**About this task**
Each entry below should be returned exactly as is, with the pictures removed.
==================================================
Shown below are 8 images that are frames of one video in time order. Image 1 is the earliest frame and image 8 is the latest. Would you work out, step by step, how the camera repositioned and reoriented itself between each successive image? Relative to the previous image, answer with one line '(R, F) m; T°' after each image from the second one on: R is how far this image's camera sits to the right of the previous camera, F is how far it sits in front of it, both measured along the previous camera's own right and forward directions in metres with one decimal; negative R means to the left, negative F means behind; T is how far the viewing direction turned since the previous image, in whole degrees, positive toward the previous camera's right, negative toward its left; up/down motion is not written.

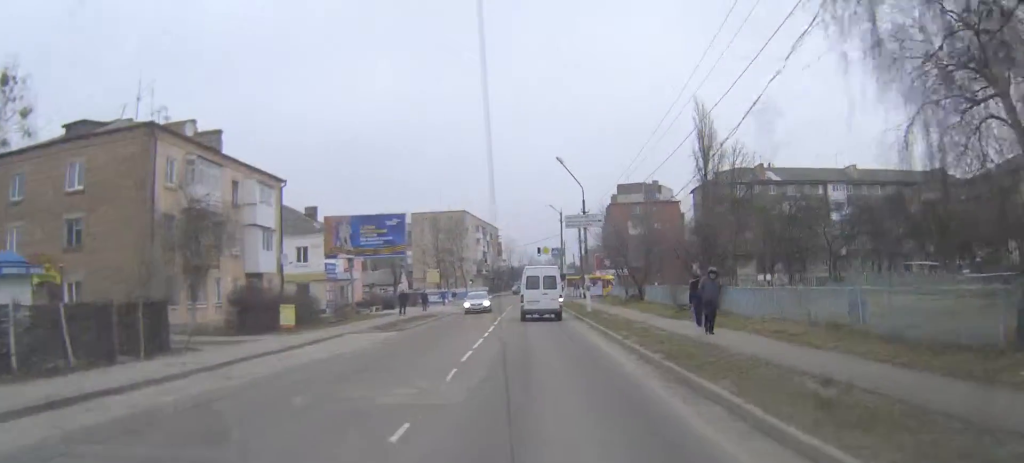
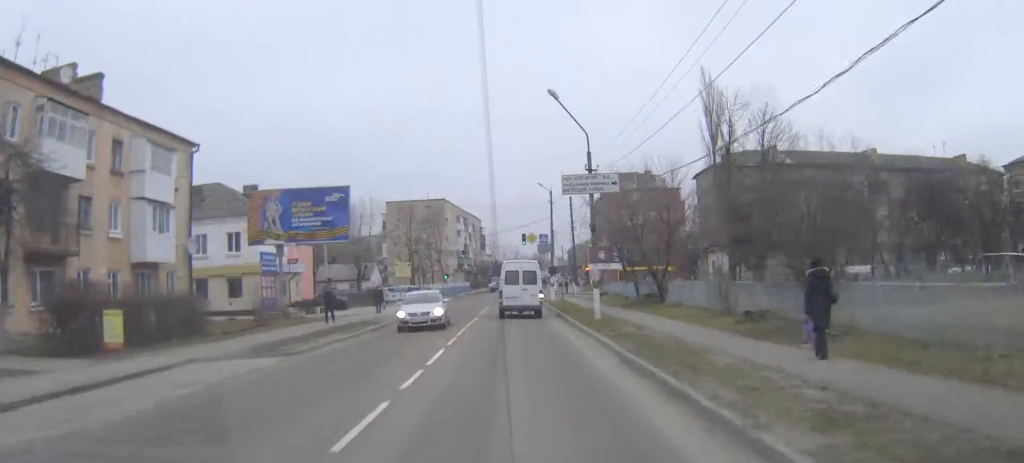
(+0.2, +13.1) m; +2°
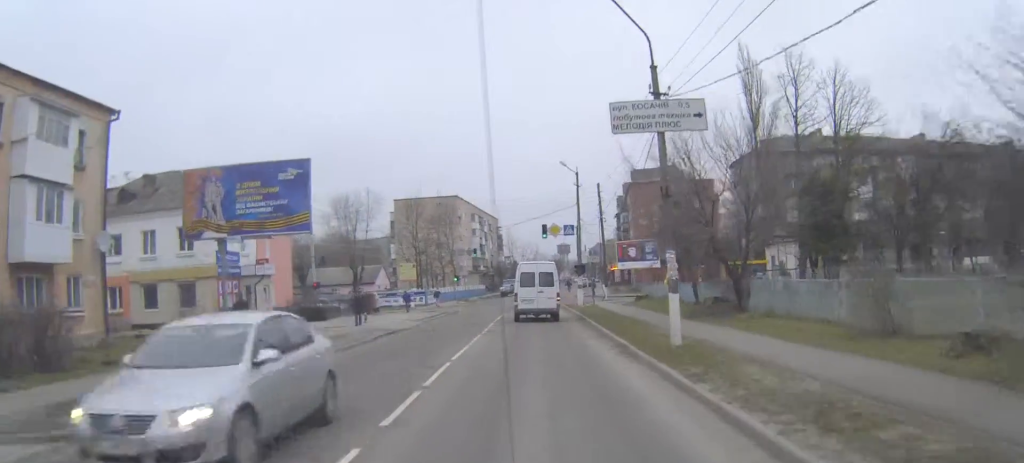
(+0.2, +11.0) m; +1°
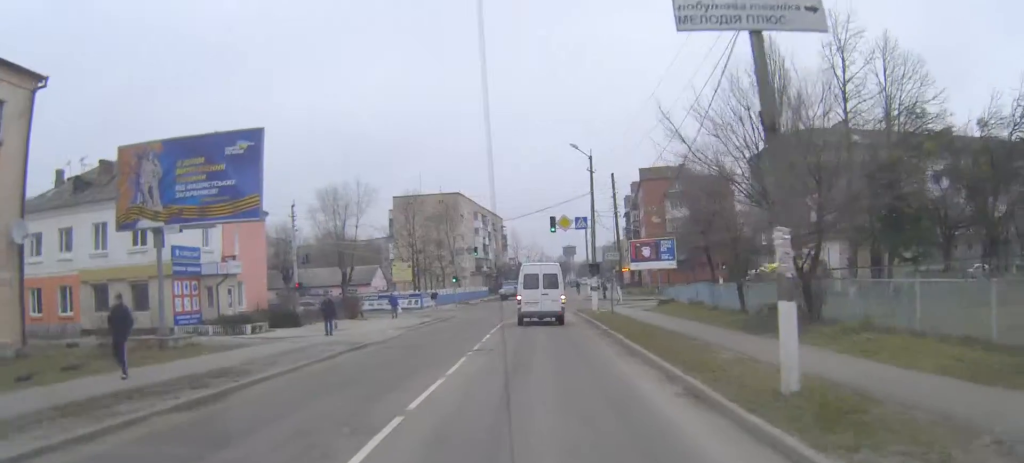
(0.0, +6.4) m; -1°
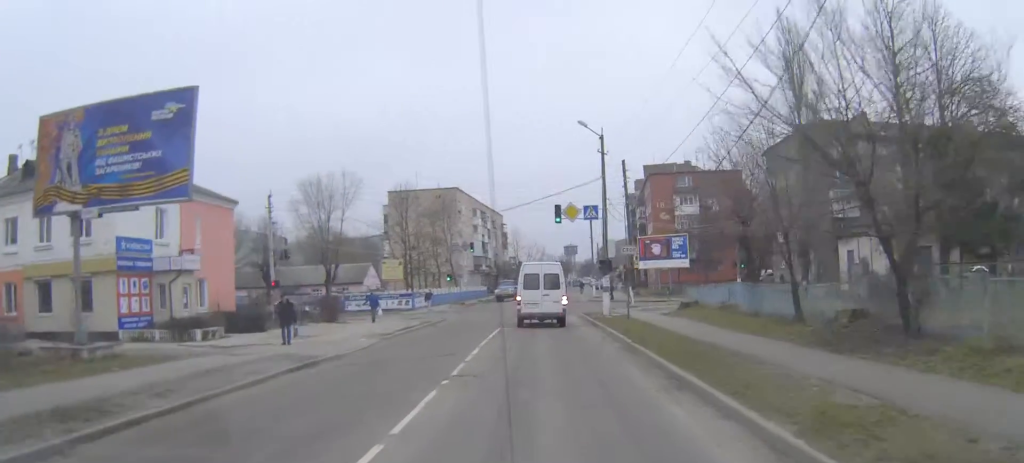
(0.0, +5.7) m; -1°
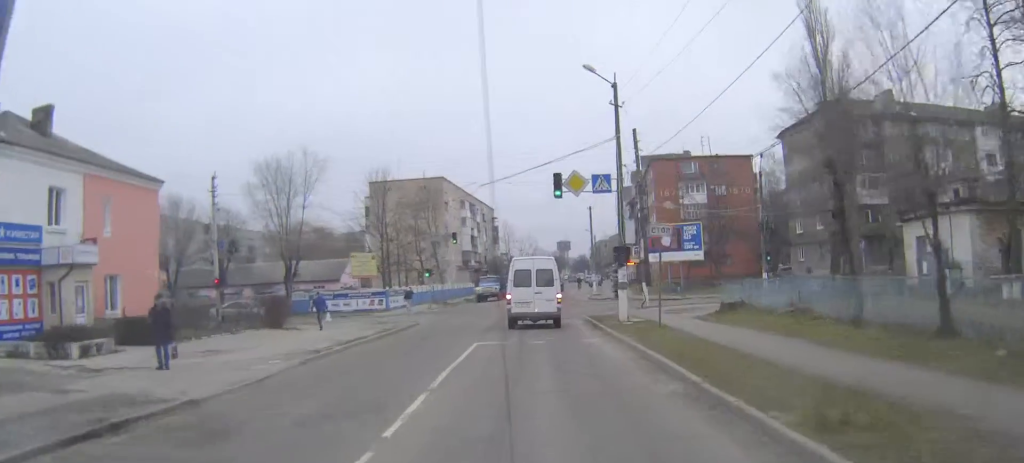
(-0.2, +8.8) m; -1°
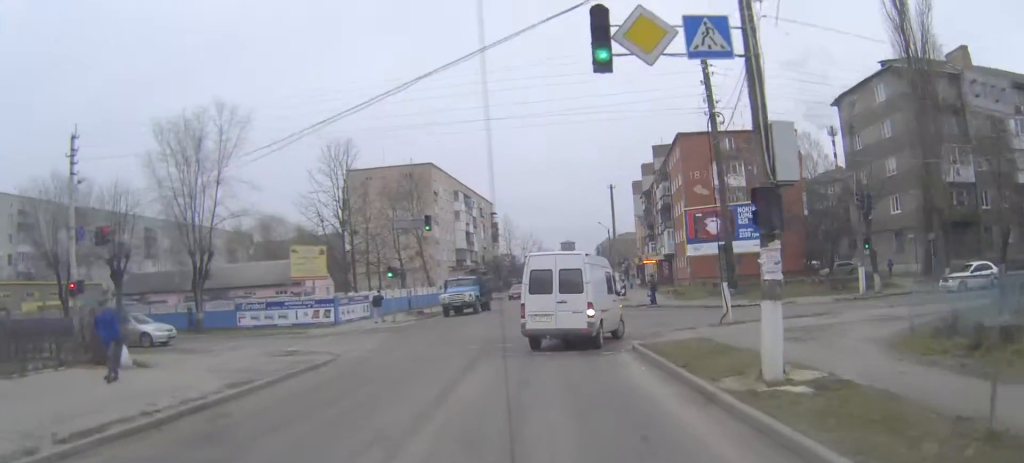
(0.0, +16.0) m; 0°
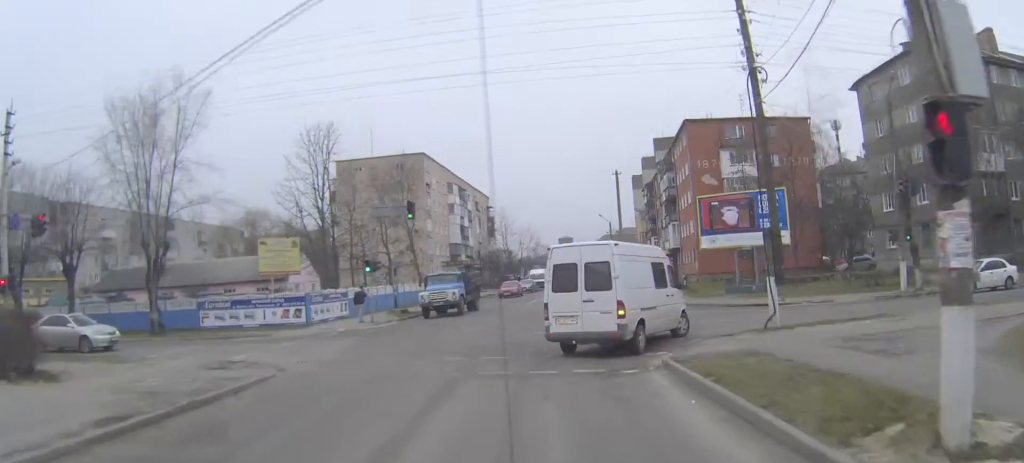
(0.0, +4.9) m; 0°
==================================================
**Your response**
Shown below are 8 images that are frames of one video in time order. Image 1 is the earliest frame and image 8 is the latest. Would you work out, step by step, how the camera repositioned and reoriented itself between each successive image? Relative to the previous image, answer with one line '(R, F) m; T°' after each image from the second one on: R is how far this image's camera sits to the right of the previous camera, F is how far it sits in front of it, both measured along the previous camera's own right and forward directions in metres with one decimal; negative R means to the left, negative F means behind; T is how far the viewing direction turned since the previous image, in whole degrees, positive toward the previous camera's right, negative toward its left; up/down motion is not written.

(+0.2, +13.1) m; +2°
(+0.2, +11.0) m; +1°
(0.0, +6.4) m; -1°
(0.0, +5.7) m; -1°
(-0.2, +8.8) m; -1°
(0.0, +16.0) m; 0°
(0.0, +4.9) m; 0°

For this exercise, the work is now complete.